**** INFORMATION GIVEN ****
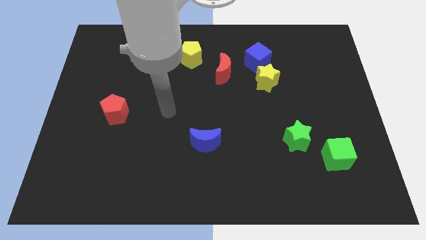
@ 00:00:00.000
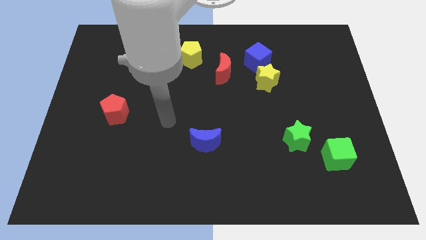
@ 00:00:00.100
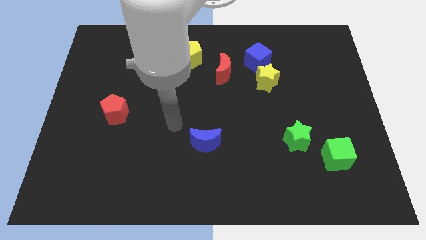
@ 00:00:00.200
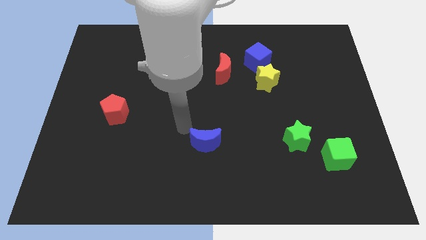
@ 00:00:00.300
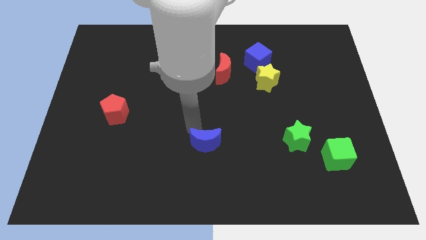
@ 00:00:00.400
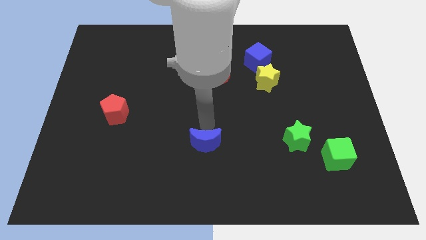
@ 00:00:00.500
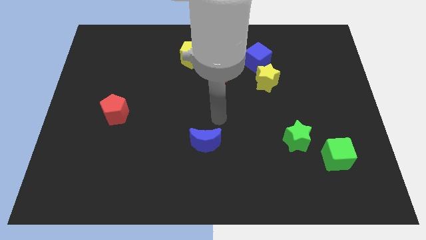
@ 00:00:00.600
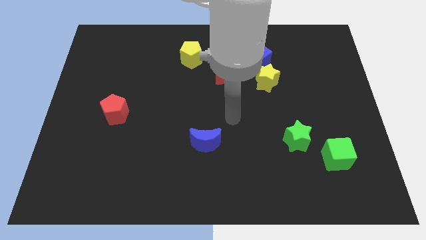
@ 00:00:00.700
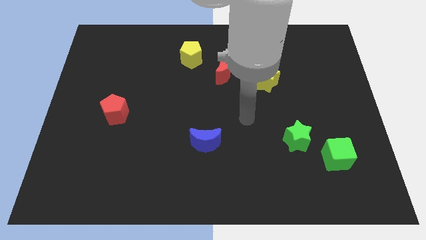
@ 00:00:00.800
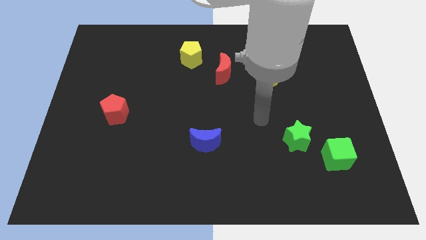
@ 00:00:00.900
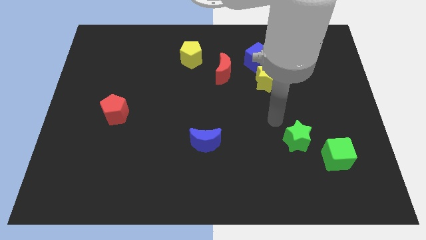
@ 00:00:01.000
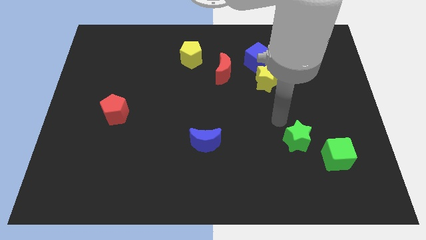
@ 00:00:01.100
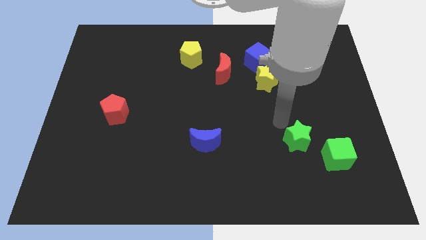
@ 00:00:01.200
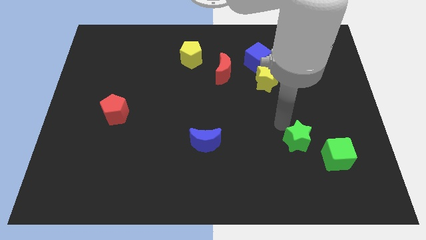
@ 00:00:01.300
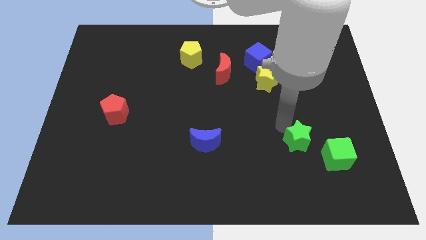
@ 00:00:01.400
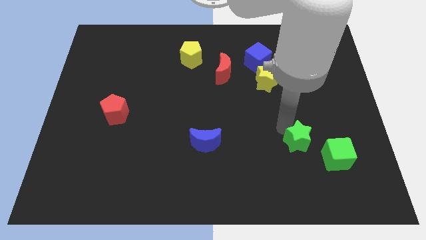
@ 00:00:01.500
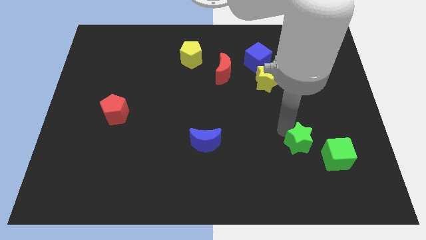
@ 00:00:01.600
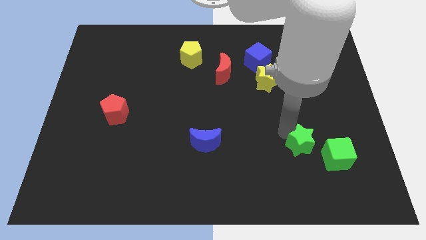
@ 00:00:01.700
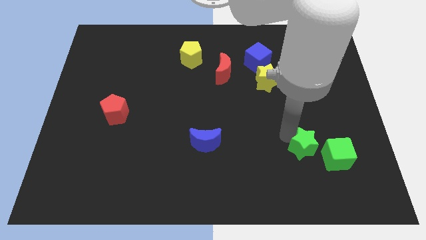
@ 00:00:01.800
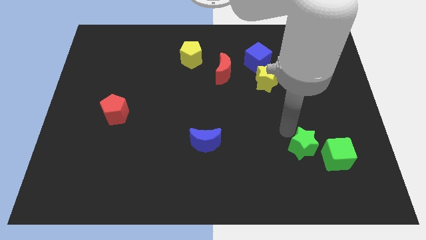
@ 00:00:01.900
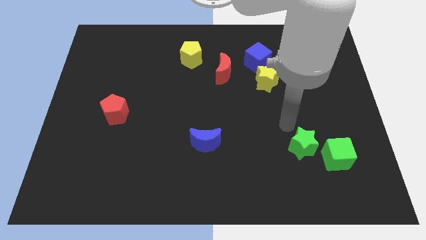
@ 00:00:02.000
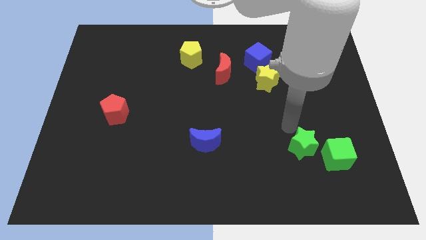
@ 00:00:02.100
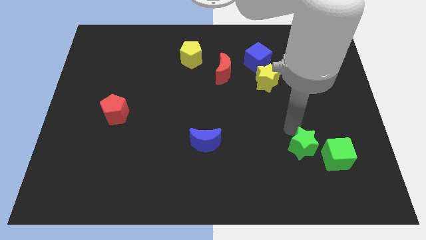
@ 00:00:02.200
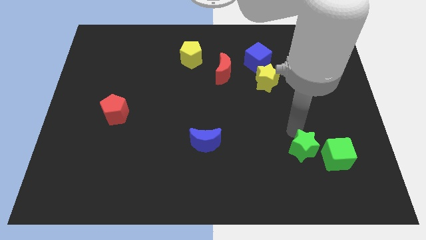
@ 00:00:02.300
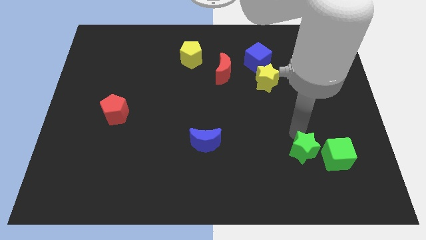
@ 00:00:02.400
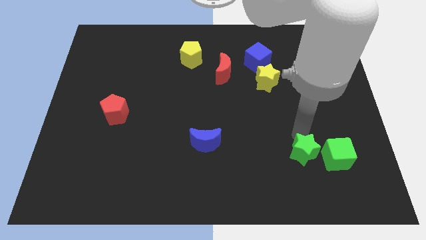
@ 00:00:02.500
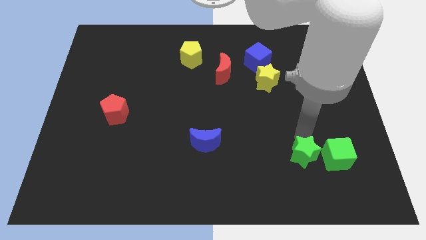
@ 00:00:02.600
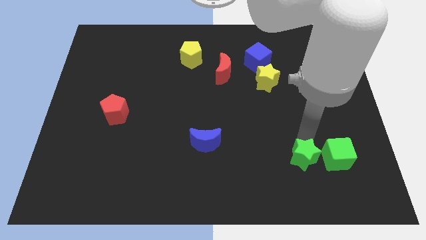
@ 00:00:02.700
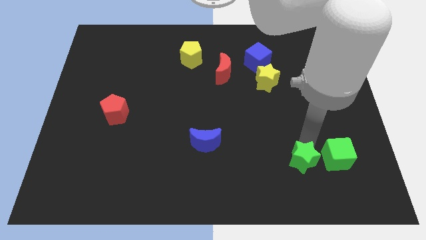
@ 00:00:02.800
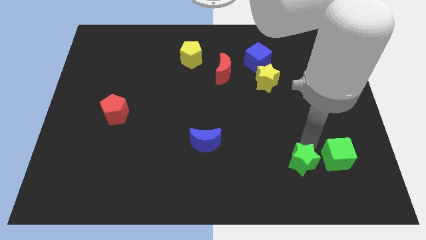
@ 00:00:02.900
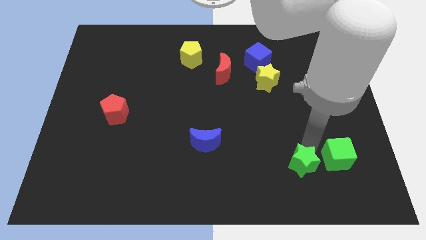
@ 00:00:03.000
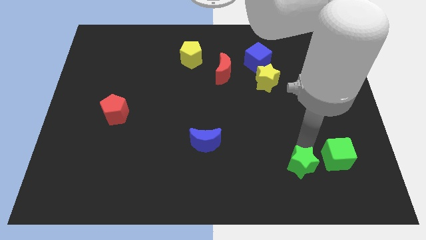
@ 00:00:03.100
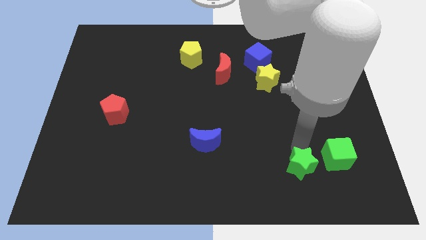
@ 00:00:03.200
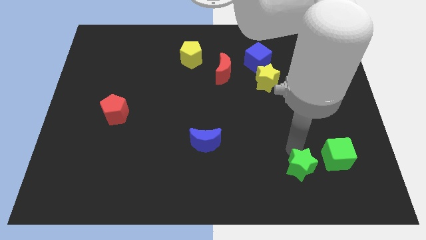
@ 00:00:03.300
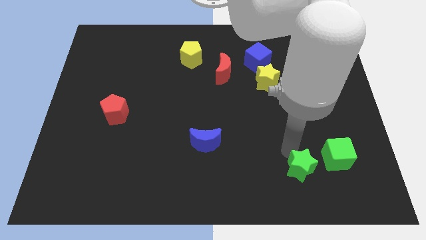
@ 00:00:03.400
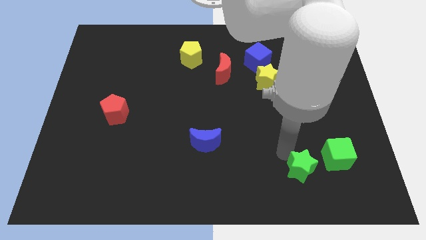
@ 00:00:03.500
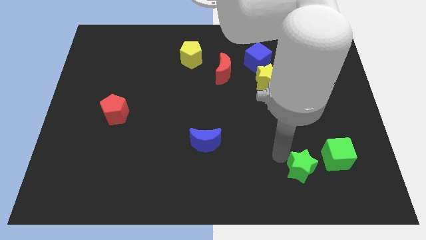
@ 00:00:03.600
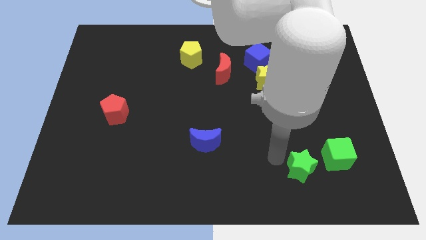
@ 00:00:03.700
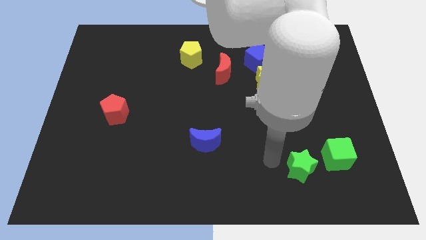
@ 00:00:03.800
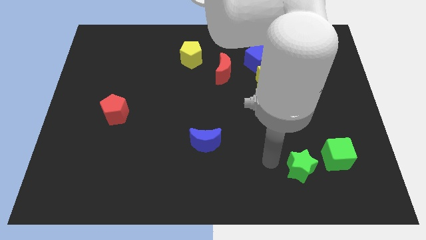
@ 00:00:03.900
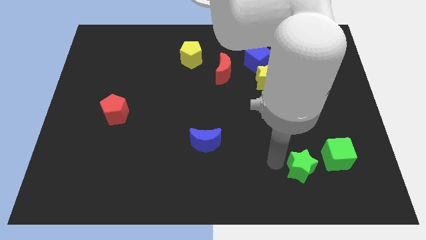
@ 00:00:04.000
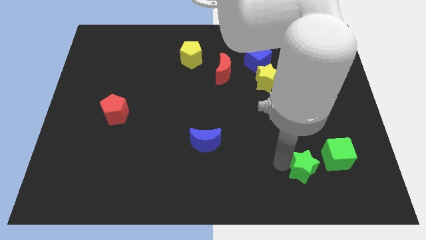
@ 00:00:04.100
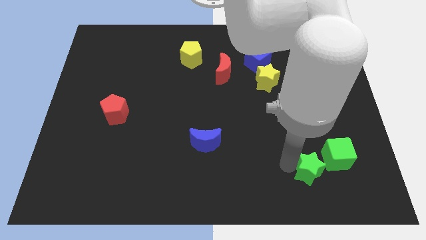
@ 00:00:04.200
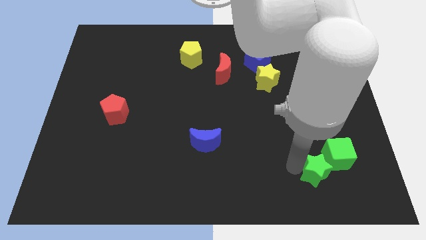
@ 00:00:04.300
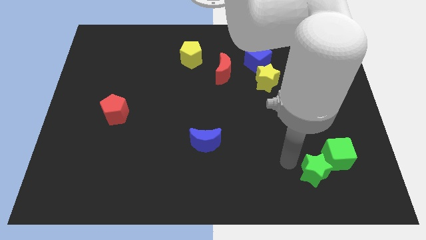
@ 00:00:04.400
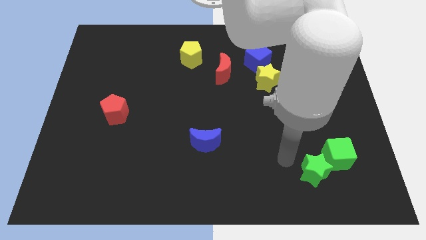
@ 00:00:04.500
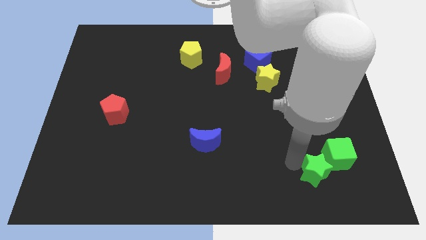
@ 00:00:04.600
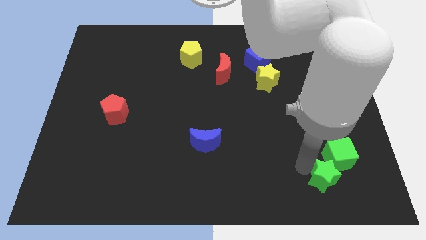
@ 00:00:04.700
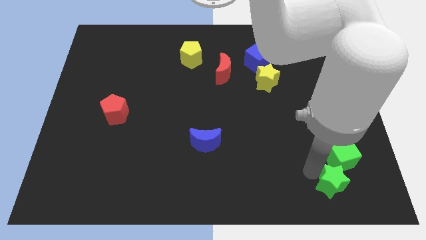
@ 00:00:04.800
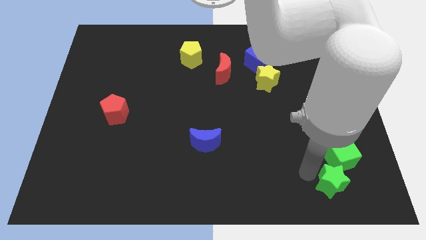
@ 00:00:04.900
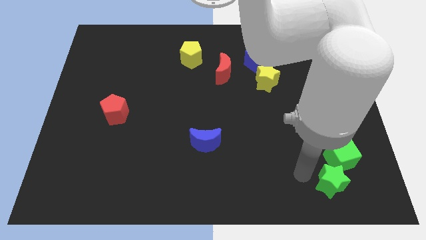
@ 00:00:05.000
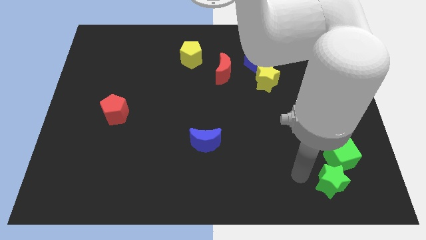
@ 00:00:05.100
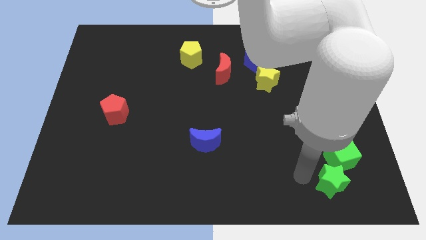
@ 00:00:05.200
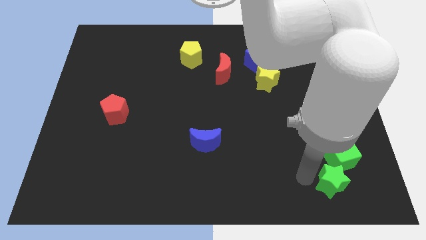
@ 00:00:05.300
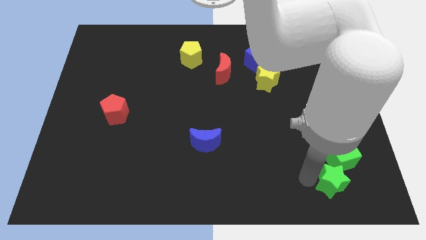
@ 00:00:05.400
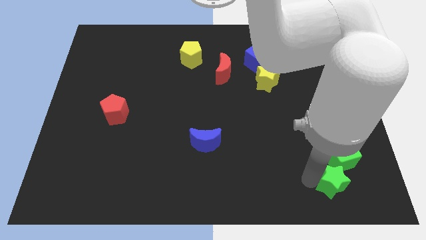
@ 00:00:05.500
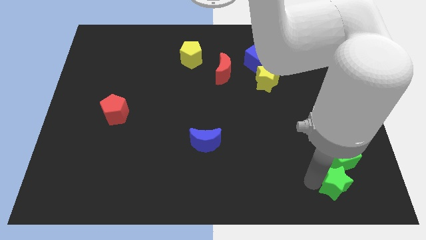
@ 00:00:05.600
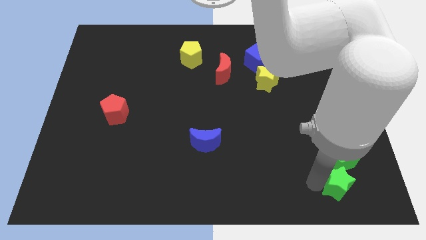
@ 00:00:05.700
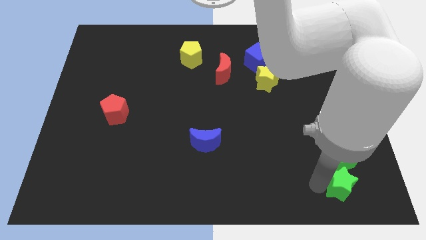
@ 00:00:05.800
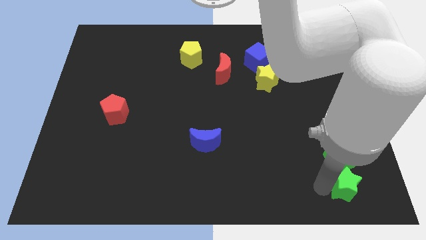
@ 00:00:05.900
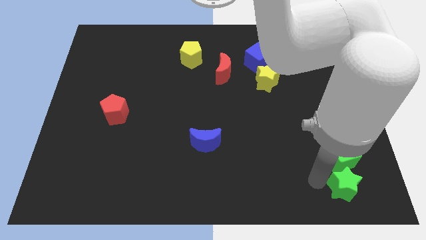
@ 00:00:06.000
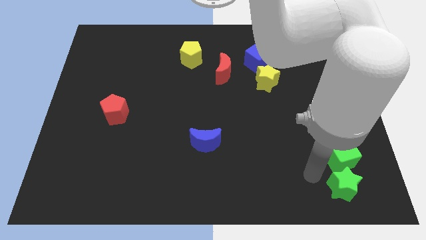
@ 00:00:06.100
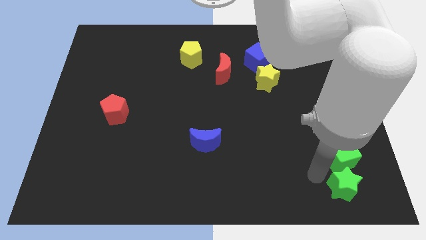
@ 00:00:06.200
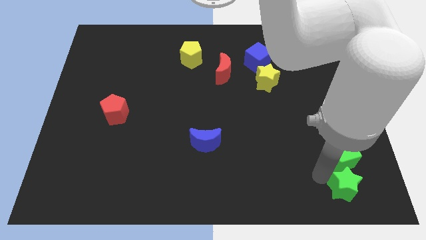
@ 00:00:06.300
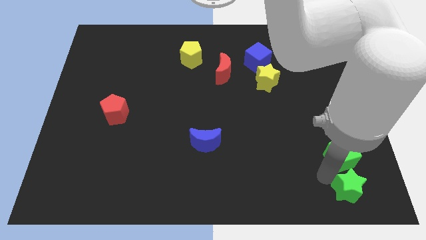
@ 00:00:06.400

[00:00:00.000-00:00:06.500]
push the green star to the bottom right
****
#### WHAT IS EXPECTED:
Repeat all entries exactly, pictures excluded.

#### TASK RESULT:
@ 00:00:00.000
@ 00:00:00.100
@ 00:00:00.200
@ 00:00:00.300
@ 00:00:00.400
@ 00:00:00.500
@ 00:00:00.600
@ 00:00:00.700
@ 00:00:00.800
@ 00:00:00.900
@ 00:00:01.000
@ 00:00:01.100
@ 00:00:01.200
@ 00:00:01.300
@ 00:00:01.400
@ 00:00:01.500
@ 00:00:01.600
@ 00:00:01.700
@ 00:00:01.800
@ 00:00:01.900
@ 00:00:02.000
@ 00:00:02.100
@ 00:00:02.200
@ 00:00:02.300
@ 00:00:02.400
@ 00:00:02.500
@ 00:00:02.600
@ 00:00:02.700
@ 00:00:02.800
@ 00:00:02.900
@ 00:00:03.000
@ 00:00:03.100
@ 00:00:03.200
@ 00:00:03.300
@ 00:00:03.400
@ 00:00:03.500
@ 00:00:03.600
@ 00:00:03.700
@ 00:00:03.800
@ 00:00:03.900
@ 00:00:04.000
@ 00:00:04.100
@ 00:00:04.200
@ 00:00:04.300
@ 00:00:04.400
@ 00:00:04.500
@ 00:00:04.600
@ 00:00:04.700
@ 00:00:04.800
@ 00:00:04.900
@ 00:00:05.000
@ 00:00:05.100
@ 00:00:05.200
@ 00:00:05.300
@ 00:00:05.400
@ 00:00:05.500
@ 00:00:05.600
@ 00:00:05.700
@ 00:00:05.800
@ 00:00:05.900
@ 00:00:06.000
@ 00:00:06.100
@ 00:00:06.200
@ 00:00:06.300
@ 00:00:06.400

[00:00:00.000-00:00:06.500]
push the green star to the bottom right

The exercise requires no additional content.